Hoang Thi Minh Hong, the eldest sister at CHANGE, is well known for her honor of “Climate Hero” or “Hong Antarctica.” She was recently named one of the 50 most influential women in Vietnam in 2019, voted by Forbes magazine.

Ms. Hong is the founder of the Center for Hands-on Actions and Networking for Growth and Environment (CHANGE), a non-profit organization pioneering environmental movements in Vietnam. Here, she gathers “bold” young people with the same strong desire to protect the environment and wild animals. Ms. Hong’s and CHANGE’s activities have helped raise the community’s awareness of the surrounding environment and call on the community to join hands. One of her signature activities is the event “Earth Hour.”

The story of bringing “Earth Hour” to Vietnam

In 1997, Ms. Hoang Thi Minh Hong was the first Vietnamese to set foot in Antarctica along with an exploration crew of 35 people from 25 different countries. The trip changed her perception and mindset about the environment.

“If I’m lucky enough to set foot in Antarctica, I have to do something for this world.” The day she returned from Antarctica, the first thing she did to “repay” the world was deciding to quit her job and devoting herself to spreading environmental messages, such as global warming, ice melting, etc., to many other people. know better. “Every day, I go to work from morning to night and receive a salary, thinking why am I so useless to society?” – Ms.
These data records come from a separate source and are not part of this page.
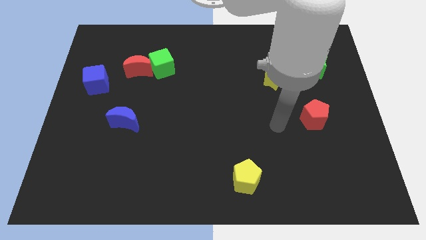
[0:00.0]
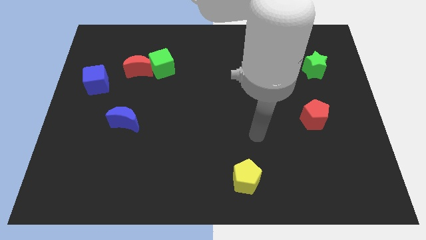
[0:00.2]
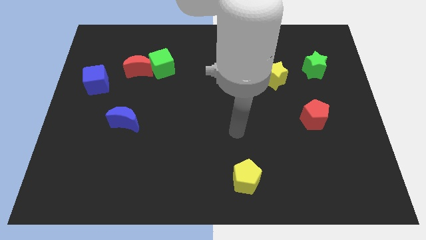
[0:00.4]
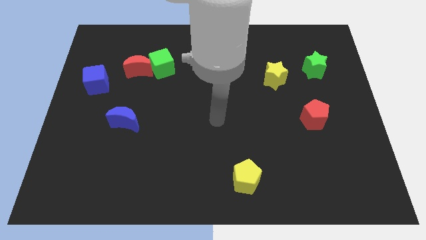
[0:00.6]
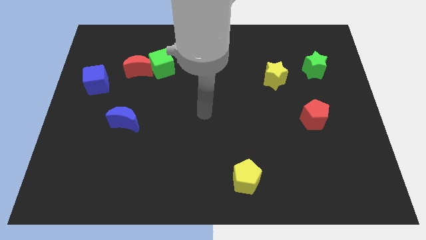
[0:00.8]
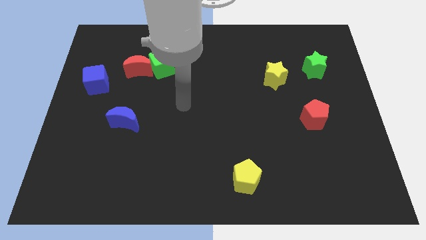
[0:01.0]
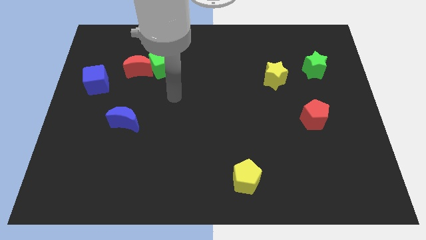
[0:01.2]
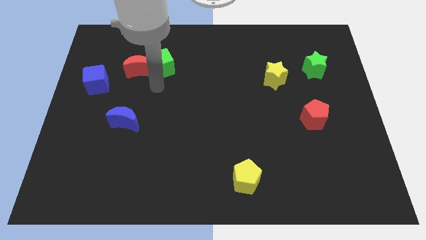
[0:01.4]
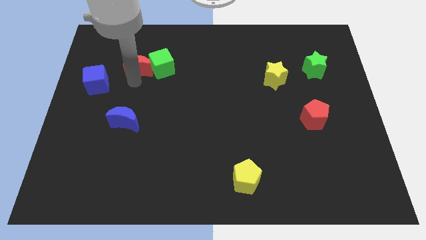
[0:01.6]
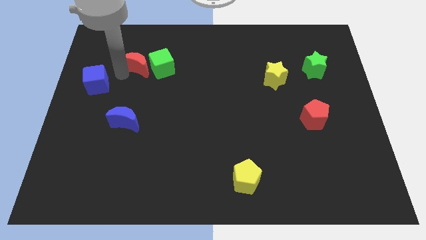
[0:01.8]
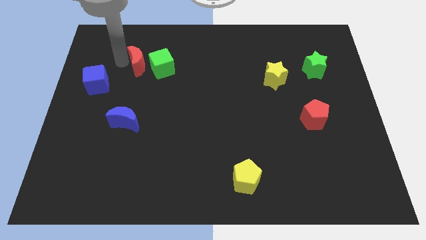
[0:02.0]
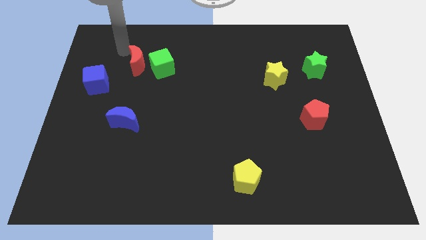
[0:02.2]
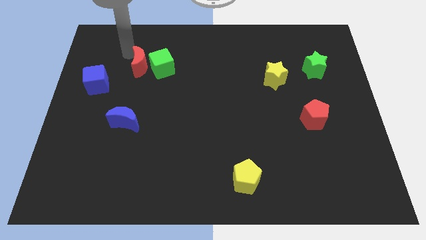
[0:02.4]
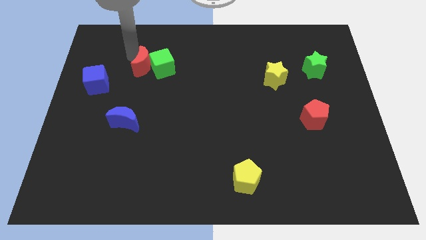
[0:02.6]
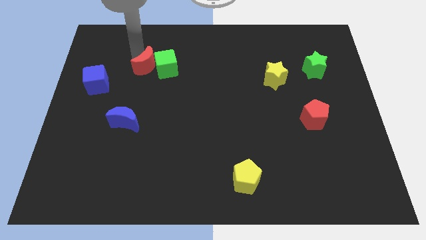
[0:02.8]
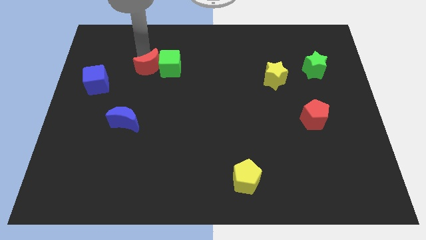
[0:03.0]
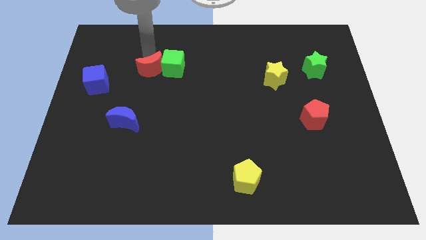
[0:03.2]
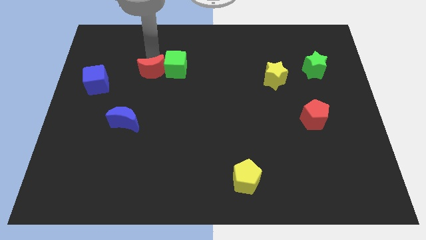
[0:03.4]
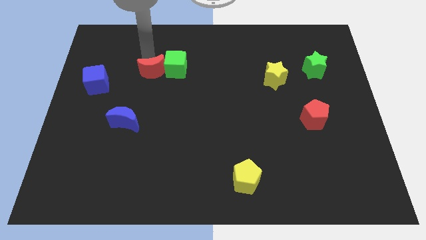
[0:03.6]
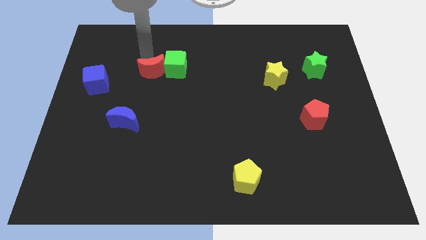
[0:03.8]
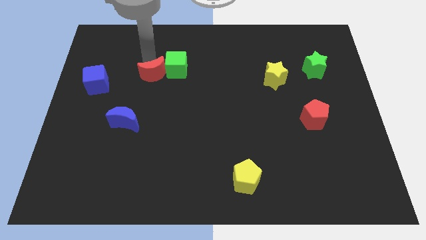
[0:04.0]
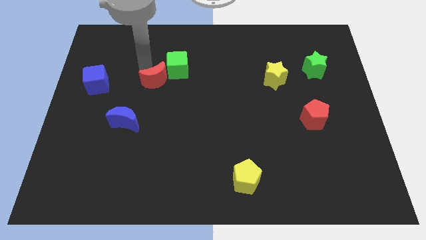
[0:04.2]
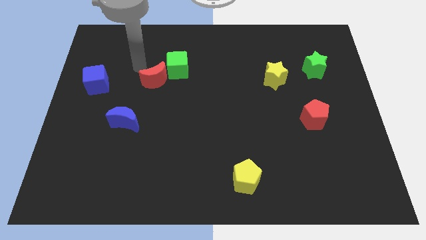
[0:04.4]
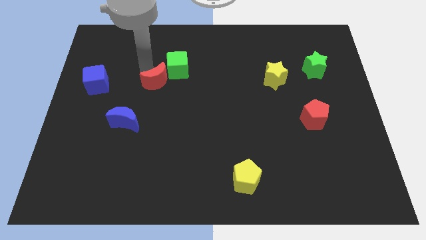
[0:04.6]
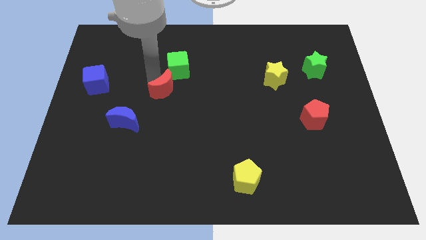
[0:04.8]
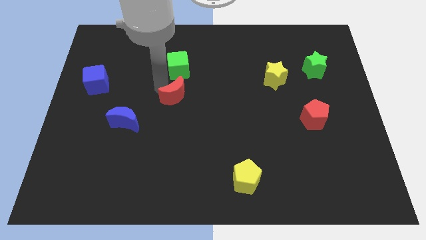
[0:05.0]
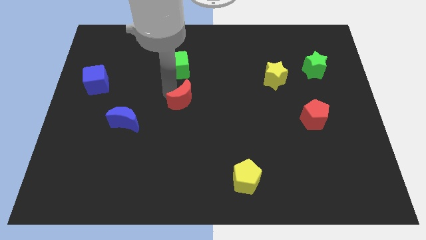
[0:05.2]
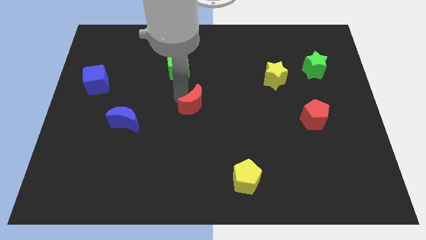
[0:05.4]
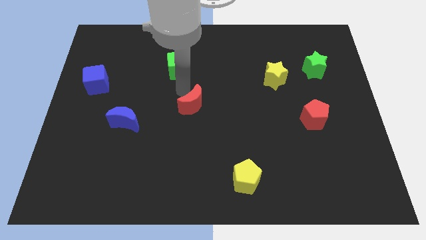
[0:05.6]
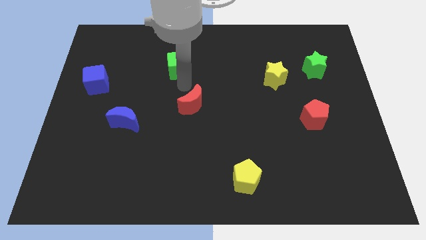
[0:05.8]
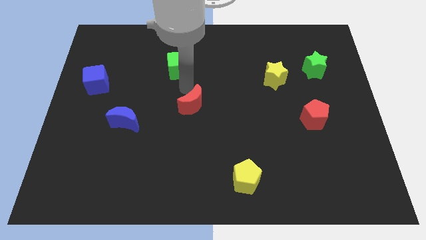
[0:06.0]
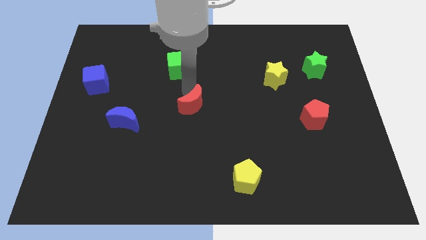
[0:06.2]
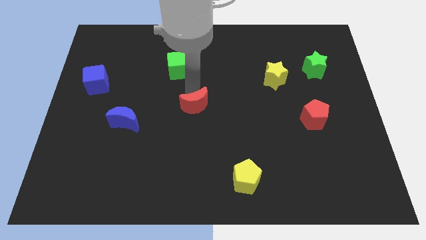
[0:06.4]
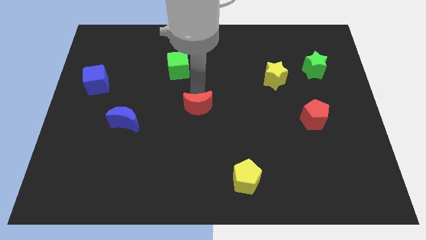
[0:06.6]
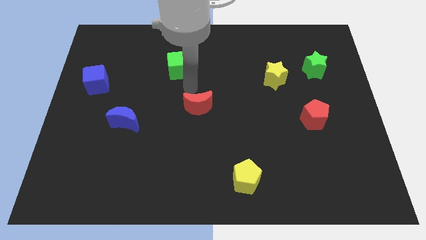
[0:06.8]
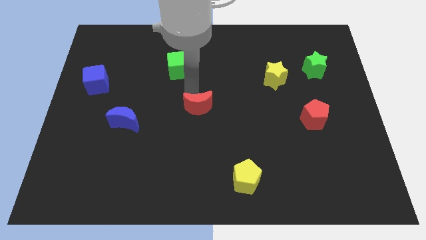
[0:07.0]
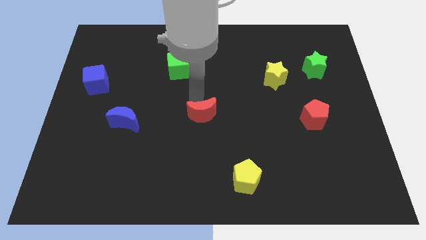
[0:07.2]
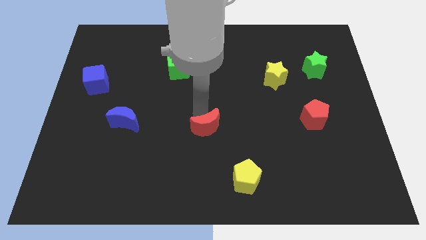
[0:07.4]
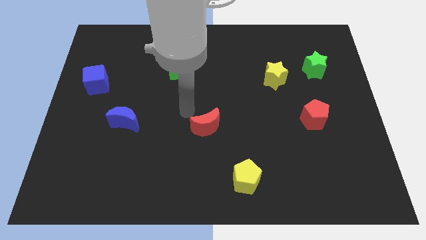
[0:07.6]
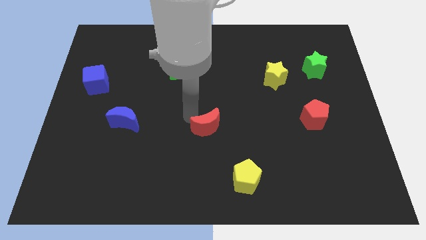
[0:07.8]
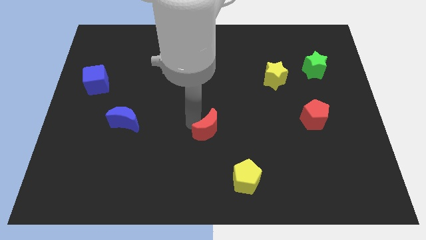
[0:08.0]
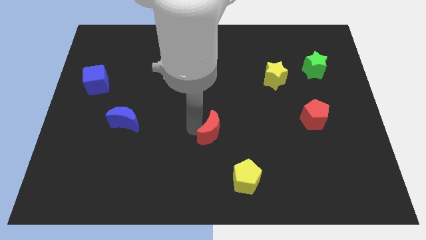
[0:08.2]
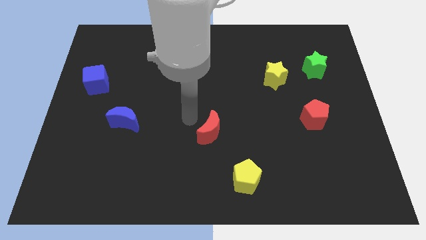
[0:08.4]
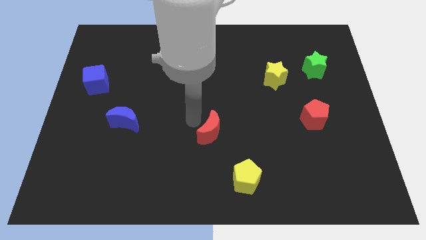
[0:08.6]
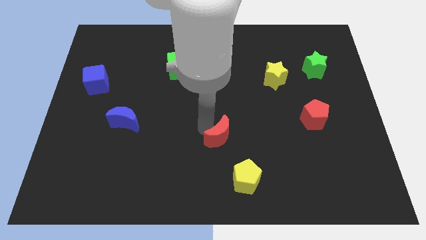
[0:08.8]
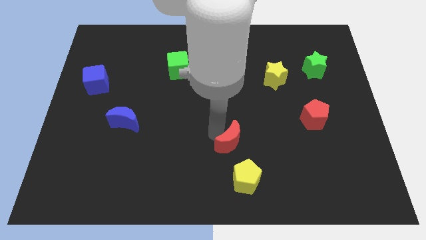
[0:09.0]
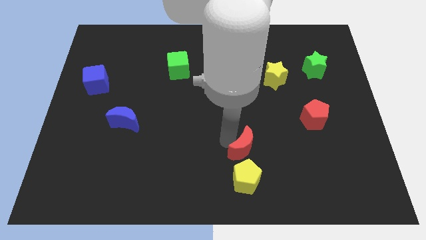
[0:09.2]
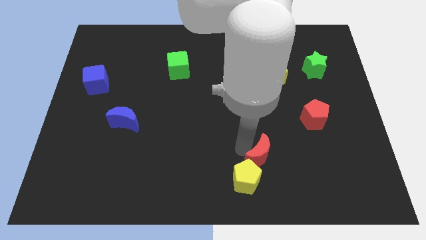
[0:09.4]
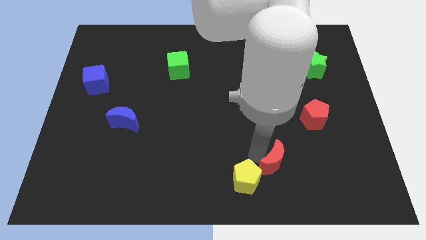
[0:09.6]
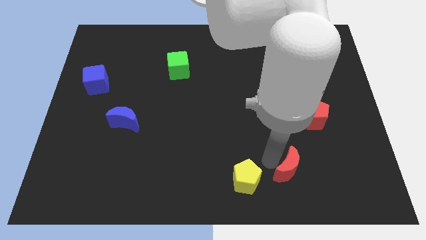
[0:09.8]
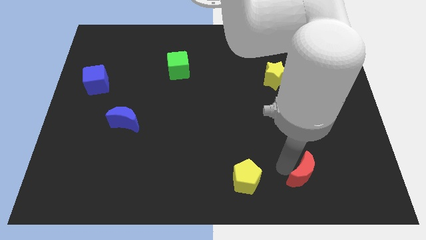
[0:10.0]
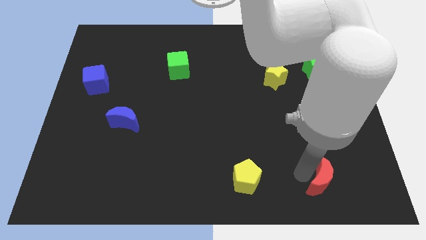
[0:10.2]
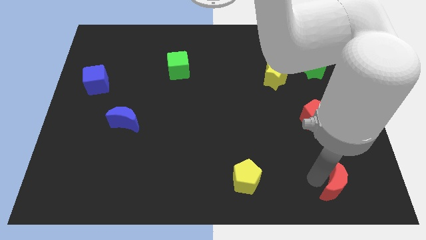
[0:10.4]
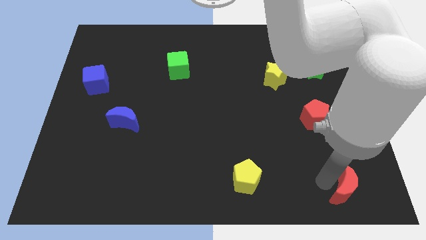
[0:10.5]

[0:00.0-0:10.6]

Hong shared.

In the following years, she struggled to find herself a stable job in the environmental field. Although people seemed to be interested in the story of Antarctica, yet when she called on the people to organize local environmental activities, it was not easy. At times, she became depressed.

In 2002, when Ms. Minh Hong worked for the World Wide Fund for Nature (WWF) in the Mekong region, she had the opportunity to learn and work on the practical environmental programs that she dreamed about. In the same year, she was honored to attend the World Summit on Sustainable Development in South Africa. The luggage she brought to this important conference was 10,000 signatures of the Vietnamese people sent to world leaders, recommending immediate action to protect the atmosphere.

In 2008, she persuaded the WWF leader in the Mekong region to bring Earth Hour to Vietnam (WWF launched in Australia in 2007). She hoped that Earth Hour would be a campaign that highlighted the meaningful and important message that everyone could do a small thing (like turning off a light bulb) to reduce the impact on the environment, reduce emissions, and combat climate change. The program has attracted the attention, support, and participation of 63 provinces and cities and many people from all social classes, becoming a prominent and pervasive activity throughout Vietnam. 

Hanoi was the first place chosen to launch Earth Hour. Although the event was initially held at the Hanoi Opera House within a small budget, the impact was enormous. The discourse about the environment began to be formed. A year later, Ms. Hong continued to help WWF organize Earth Hour at the Opera House. Still, that time, it was in Ho Chi Minh City with the participation of thousands of young people and dozens of large and small businesses.

In particular, in 2012, she and a group of young people organized “Earth Hour with a Difference” in Ho Chi Minh City; by replacing all burning candles with LED candles, using coir mats for the stage backdrop, and solar energy for electrical and audio systems.

Up to now, Earth Hour has become one of the annual large-scale environmental events, receiving enormous support from people across the country.

Being honored as one of the 50 most influential women in Vietnam in 2019

CHANGE in Vietnamese means “su thay doi” (making differences). Hong likes this word very much. Change is the core of every social development process and humans’ ability to achieve a better life. She founded CHANGE with the mission of promoting community awareness about the environment among young people. With her contributions, at the 2015 United Nations Conference on Climate Change held in Paris – France, she was recognized as a Climate Hero by Climateheroes.org.

In September 2018, Ms. Hong became one of 12 outstanding civic leaders in the world selected to participate in the first 9-month Obama Foundation Scholars Program at Columbia University (USA). Only Ms. Minh Hong worked in the field of environmental protection.

On March 4, 2019, Forbes Vietnam, the leading prestigious business magazine in Vietnam, announced the 50 most influential women in Vietnam 2019. It was the second time Forbes Vietnam announced the list. The list included prominent figures in politics, business, science education, social activism, media, arts, creativity, and sports. Ms. Hoang Thi Minh Hong was honored in the field of social activities.